### Exercise description:
Copy out the listing that follows exactly, dropping every picture.

### Task inputs:
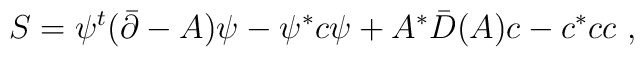
S= \psi^t (\bar \partial-A)\psi -\psi ^* c\psi + A^*\bar D(A)c -c^* c c\ ,
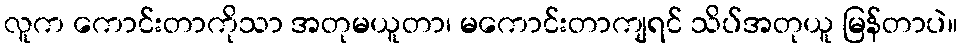
လူက ကောင်းတာကိုသာ အတုမယူတာ၊ မကောင်းတာကျရင် သိပ်အတုယူ မြန်တာပဲ။
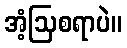
အံ့ဩစရာပဲ။
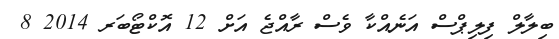
ބިލާލް ފިލިޕްސް އަނެއްކާ ވެސް ރާއްޖެ އަށް 12 އޮކްޓޯބަރ 2014 8
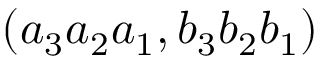
( a _ { 3 } a _ { 2 } a _ { 1 } , b _ { 3 } b _ { 2 } b _ { 1 } )
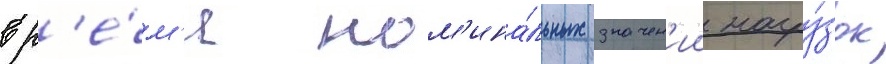
вр'е́м'я ном'ина́льных значен'ии нагру́зок
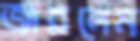
জারলেম
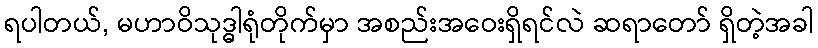
ရပါတယ်, မဟာဝိသုဒ္ဓါရုံတိုက်မှာ အစည်းအဝေးရှိရင်လဲ ဆရာတော် ရှိတဲ့အခါ
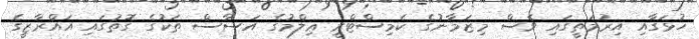
ހުޅަގާއި އިރުމަތީގައި ވެސް މިޒަމާނުގެ ކެމިސްޓްރީ ޢިލްމުގެ އަސާސް ތަކުގެ ގޮތުގައި އައްރާޒީގެ

### Task response:
S= \psi^t (\bar \partial-A)\psi -\psi ^* c\psi + A^*\bar D(A)c -c^* c c\ ,
လူက ကောင်းတာကိုသာ အတုမယူတာ၊ မကောင်းတာကျရင် သိပ်အတုယူ မြန်တာပဲ။
အံ့ဩစရာပဲ။
ބިލާލް ފިލިޕްސް އަނެއްކާ ވެސް ރާއްޖެ އަށް 12 އޮކްޓޯބަރ 2014 8
( a _ { 3 } a _ { 2 } a _ { 1 } , b _ { 3 } b _ { 2 } b _ { 1 } )
вр'е́м'я ном'ина́льных значен'ии нагру́зок
জারলেম
ရပါတယ်, မဟာဝိသုဒ္ဓါရုံတိုက်မှာ အစည်းအဝေးရှိရင်လဲ ဆရာတော် ရှိတဲ့အခါ
ހުޅަގާއި އިރުމަތީގައި ވެސް މިޒަމާނުގެ ކެމިސްޓްރީ ޢިލްމުގެ އަސާސް ތަކުގެ ގޮތުގައި އައްރާޒީގެ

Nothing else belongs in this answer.